* Brief
Copy every record exactly, leaving the pictures out.

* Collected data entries

------------

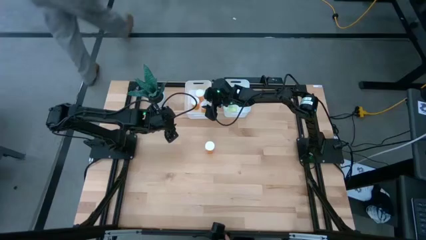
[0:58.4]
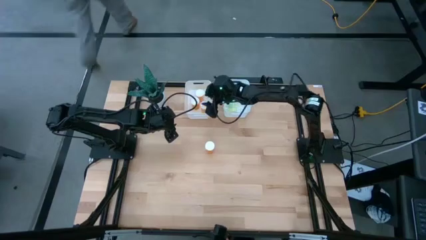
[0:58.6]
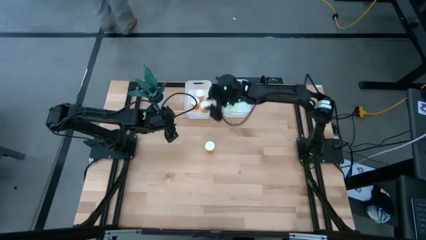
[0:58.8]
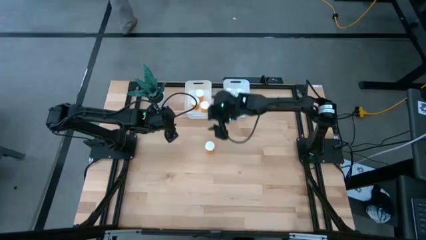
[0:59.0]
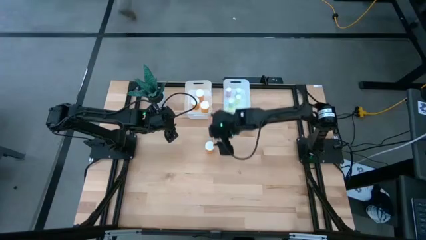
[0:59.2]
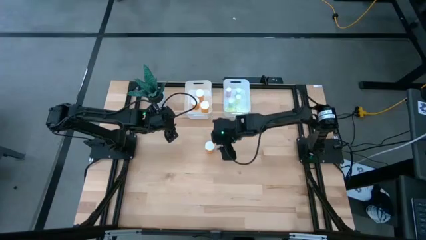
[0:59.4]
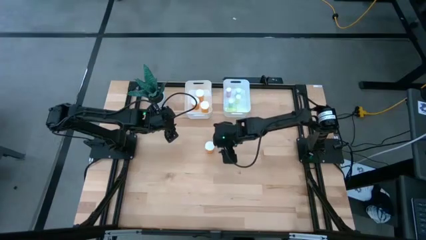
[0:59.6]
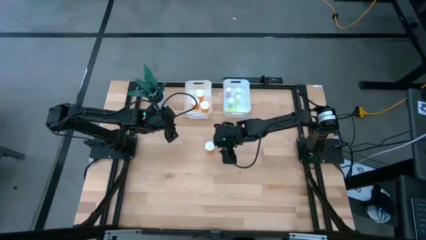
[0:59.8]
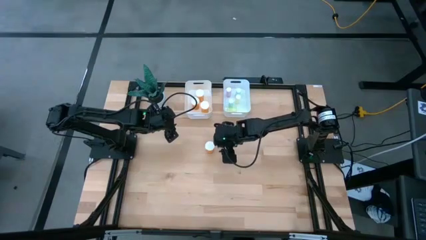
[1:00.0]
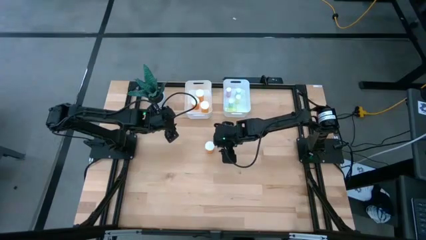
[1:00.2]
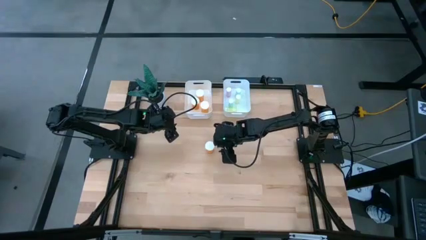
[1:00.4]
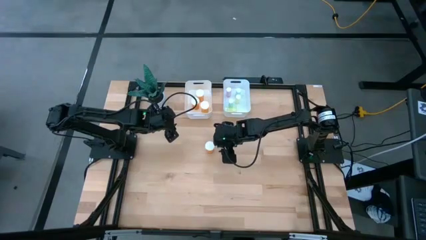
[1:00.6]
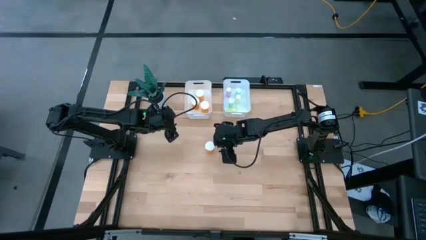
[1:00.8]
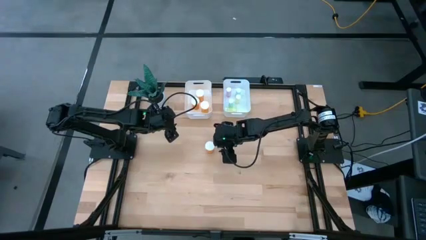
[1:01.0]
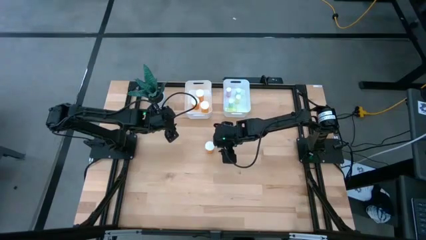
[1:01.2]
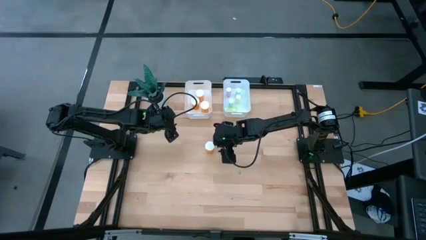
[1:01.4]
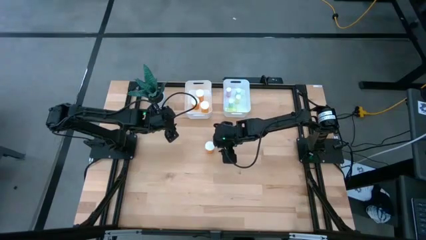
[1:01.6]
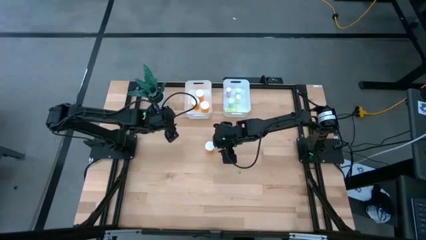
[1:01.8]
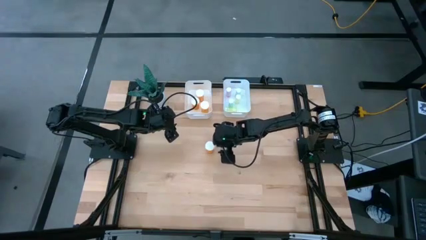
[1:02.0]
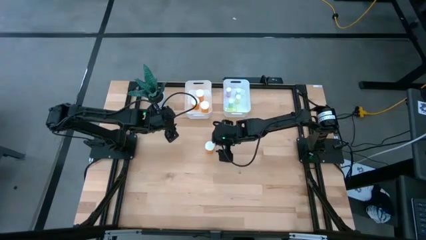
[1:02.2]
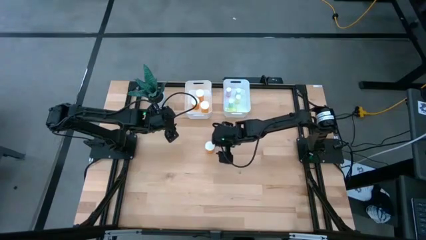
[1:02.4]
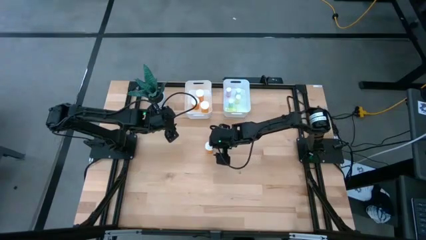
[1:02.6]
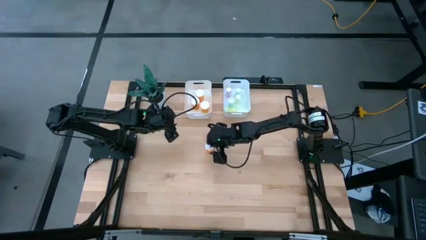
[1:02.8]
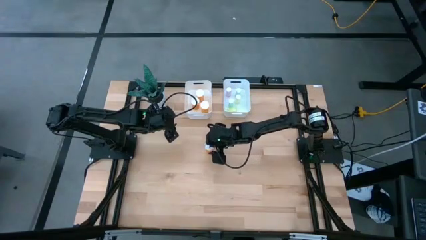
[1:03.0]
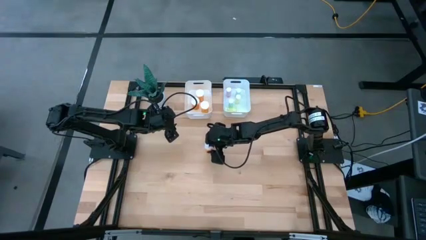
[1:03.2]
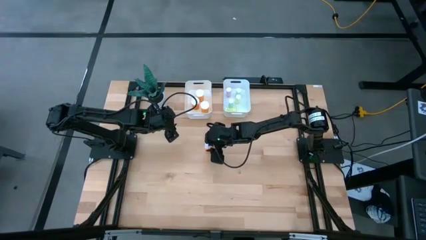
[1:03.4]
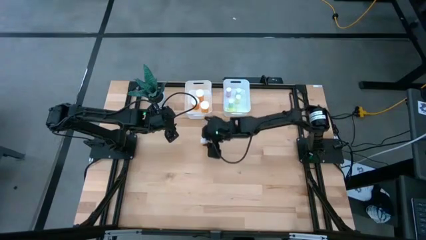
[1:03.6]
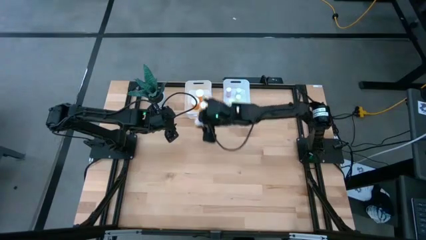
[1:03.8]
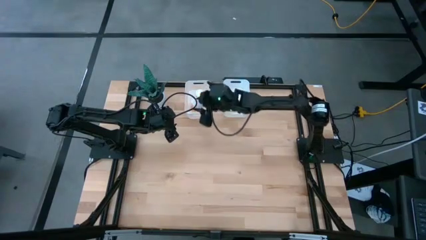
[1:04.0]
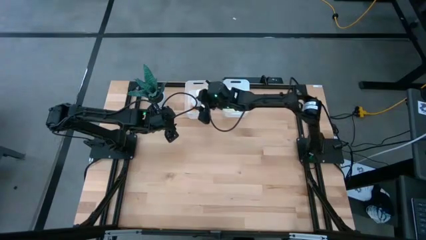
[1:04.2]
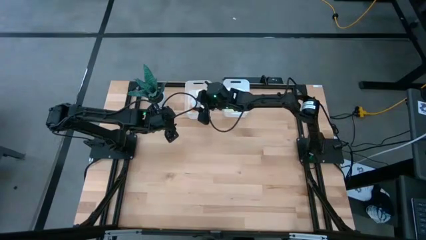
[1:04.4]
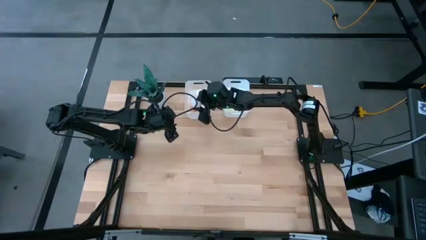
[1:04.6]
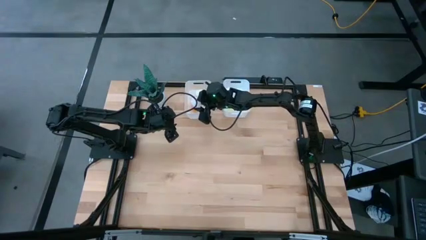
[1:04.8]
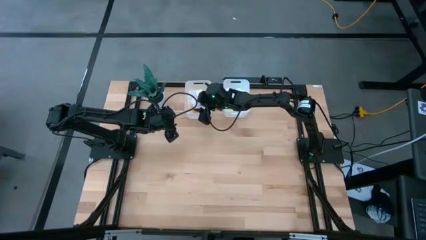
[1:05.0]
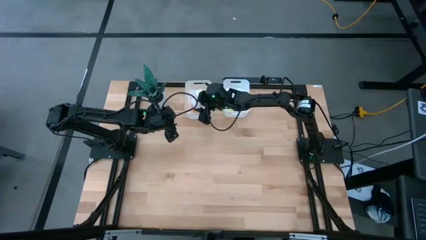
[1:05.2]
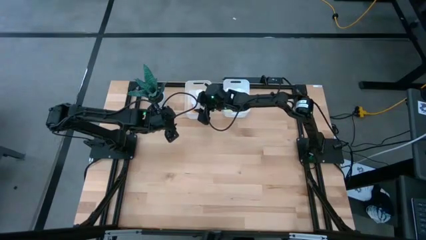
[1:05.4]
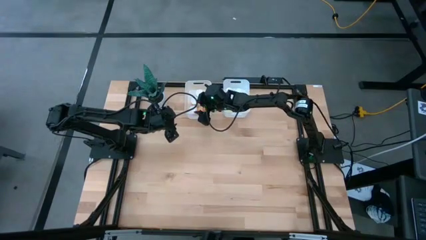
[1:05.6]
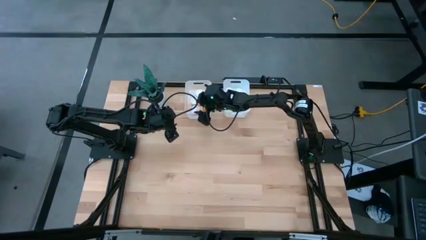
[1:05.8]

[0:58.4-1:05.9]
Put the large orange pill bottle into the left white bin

------------

* Written solution
[0:58.4]
[0:58.6]
[0:58.8]
[0:59.0]
[0:59.2]
[0:59.4]
[0:59.6]
[0:59.8]
[1:00.0]
[1:00.2]
[1:00.4]
[1:00.6]
[1:00.8]
[1:01.0]
[1:01.2]
[1:01.4]
[1:01.6]
[1:01.8]
[1:02.0]
[1:02.2]
[1:02.4]
[1:02.6]
[1:02.8]
[1:03.0]
[1:03.2]
[1:03.4]
[1:03.6]
[1:03.8]
[1:04.0]
[1:04.2]
[1:04.4]
[1:04.6]
[1:04.8]
[1:05.0]
[1:05.2]
[1:05.4]
[1:05.6]
[1:05.8]

[0:58.4-1:05.9]
Put the large orange pill bottle into the left white bin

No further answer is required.